Birchcliff’s ability to drill and develop these locations and the drilling locations on which Birchcliff actually drills wells depends on a number of uncertainties and factors, including, but not limited to, the availability of capital, equipment and personnel, oil and natural gas prices, costs, inclement weather, seasonal restrictions, drilling results, additional geological, geophysical and reservoir information that is obtained, production rate recovery, gathering system and transportation constraints, the net price received for commodities produced, regulatory approvals and regulatory changes. As a result of these uncertainties, there can be no assurance that the potential future drilling locations that Birchcliff has identified will ever be drilled and, if drilled, that such locations will result in additional oil, NGLs or natural gas production and, in the case of unbooked locations, additional reserves.
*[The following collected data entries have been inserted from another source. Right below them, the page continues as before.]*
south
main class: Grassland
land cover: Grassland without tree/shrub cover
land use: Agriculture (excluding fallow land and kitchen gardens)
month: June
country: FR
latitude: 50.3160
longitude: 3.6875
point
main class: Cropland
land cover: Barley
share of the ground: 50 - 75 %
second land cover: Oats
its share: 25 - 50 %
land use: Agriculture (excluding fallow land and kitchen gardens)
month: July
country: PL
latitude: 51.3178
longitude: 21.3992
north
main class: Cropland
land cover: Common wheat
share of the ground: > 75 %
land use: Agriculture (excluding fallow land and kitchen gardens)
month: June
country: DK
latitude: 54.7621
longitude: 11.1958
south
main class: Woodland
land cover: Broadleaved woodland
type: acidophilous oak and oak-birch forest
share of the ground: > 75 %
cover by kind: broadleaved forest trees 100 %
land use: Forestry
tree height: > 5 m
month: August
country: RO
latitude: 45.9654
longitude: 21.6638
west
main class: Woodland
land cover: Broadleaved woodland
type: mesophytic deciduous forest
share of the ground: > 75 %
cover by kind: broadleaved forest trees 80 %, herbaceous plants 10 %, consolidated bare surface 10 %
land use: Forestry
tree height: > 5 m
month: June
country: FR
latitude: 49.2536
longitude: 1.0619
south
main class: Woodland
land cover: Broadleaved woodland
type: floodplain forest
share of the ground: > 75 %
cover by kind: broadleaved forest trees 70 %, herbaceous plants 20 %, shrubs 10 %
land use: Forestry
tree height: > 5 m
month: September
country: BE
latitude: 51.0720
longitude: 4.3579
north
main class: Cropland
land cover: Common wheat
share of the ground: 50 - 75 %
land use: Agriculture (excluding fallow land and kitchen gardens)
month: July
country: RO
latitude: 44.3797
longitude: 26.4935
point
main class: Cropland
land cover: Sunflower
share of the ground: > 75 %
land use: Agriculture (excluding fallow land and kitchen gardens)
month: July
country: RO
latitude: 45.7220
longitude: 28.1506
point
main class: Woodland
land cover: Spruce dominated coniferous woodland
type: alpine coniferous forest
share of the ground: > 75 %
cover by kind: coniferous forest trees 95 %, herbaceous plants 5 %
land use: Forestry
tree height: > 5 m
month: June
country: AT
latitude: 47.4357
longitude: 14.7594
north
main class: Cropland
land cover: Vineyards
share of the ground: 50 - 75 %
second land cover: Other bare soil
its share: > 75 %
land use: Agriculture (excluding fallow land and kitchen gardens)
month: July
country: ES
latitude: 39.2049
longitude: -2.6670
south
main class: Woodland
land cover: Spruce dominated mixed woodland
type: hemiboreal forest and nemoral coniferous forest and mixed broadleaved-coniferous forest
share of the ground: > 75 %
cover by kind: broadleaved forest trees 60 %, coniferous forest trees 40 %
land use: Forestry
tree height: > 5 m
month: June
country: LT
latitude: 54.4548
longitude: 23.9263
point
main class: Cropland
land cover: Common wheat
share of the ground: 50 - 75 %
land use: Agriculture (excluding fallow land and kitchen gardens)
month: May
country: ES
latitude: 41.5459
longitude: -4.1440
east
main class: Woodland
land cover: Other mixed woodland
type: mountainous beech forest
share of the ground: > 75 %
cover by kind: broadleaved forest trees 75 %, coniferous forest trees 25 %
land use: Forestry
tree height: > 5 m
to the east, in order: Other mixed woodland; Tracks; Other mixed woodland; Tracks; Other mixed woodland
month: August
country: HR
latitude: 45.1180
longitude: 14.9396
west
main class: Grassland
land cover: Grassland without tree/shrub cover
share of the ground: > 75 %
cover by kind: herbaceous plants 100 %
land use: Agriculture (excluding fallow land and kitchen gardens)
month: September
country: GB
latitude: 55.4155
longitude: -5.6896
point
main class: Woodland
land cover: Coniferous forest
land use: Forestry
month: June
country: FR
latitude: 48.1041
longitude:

As such, Birchcliff’s actual drilling activities may differ materially from those presently identified, which could adversely affect Birchcliff’s business. While certain of the unbooked drilling locations have been de-risked by drilling existing wells in relatively close proximity to such unbooked drilling locations, some of the other unbooked drilling locations are farther away from existing wells, where management has less information about the characteristics of the reservoir and there is therefore more uncertainty whether wells will be drilled in such locations and, if drilled, there is more uncertainty that such wells will result in additional proved or probable reserves, resources or production.

Initial Production Rates

Any references in this press release to initial production rates or other short-term production rates are useful in confirming the presence of hydrocarbons; however, such rates are not determinative of the rates at which such wells will continue to produce and decline thereafter and are not indicative of the long-term performance or of the ultimate recovery of such wells. In addition, such rates may also include recovered “load oil” or “load water” fluids used in well completion stimulation. While encouraging, readers are cautioned not to place undue reliance on such rates in calculating the aggregate production for Birchcliff. Such rates are based on field estimates and may be based on limited data available at this time.

Capital Expenditures

Unless otherwise stated, references in this press release to: (i) “F&D capital” denotes capital for land, seismic, workovers, drilling and completions and well equipment and facilities; and (ii) “total capital expenditures” denotes F&D capital plus acquisitions, less any dispositions, plus administrative assets. Birchcliff previously referred to total capital expenditures as “net capital expenditures” or “capital expenditures, net”.

Payment of Dividends

The declaration of dividends in any quarter and the amount of such dividends, if any, is subject to the discretion of Birchcliff’s board of directors and may vary depending on a variety of factors and conditions existing from time to time, including fluctuations in commodity prices, the financial condition of Birchcliff, production levels, results of operations, capital expenditure and debt service requirements, contractual restrictions, hedging activities or programs, available investment opportunities, Birchcliff’s business plan, strategies and objectives, the satisfaction of the solvency and liquidity tests imposed by the Business Corporations Act (Alberta) for the declaration and payment of dividends and other factors that Birchcliff’s board of directors may deem relevant. The payment of cash dividends to common shareholders in the future is not assured or guaranteed and dividends may be reduced or suspended. Birchcliff’s dividend policy will be periodically reviewed by its board of directors and no assurance or guarantee can be given that Birchcliff will maintain the dividend policy in its current form.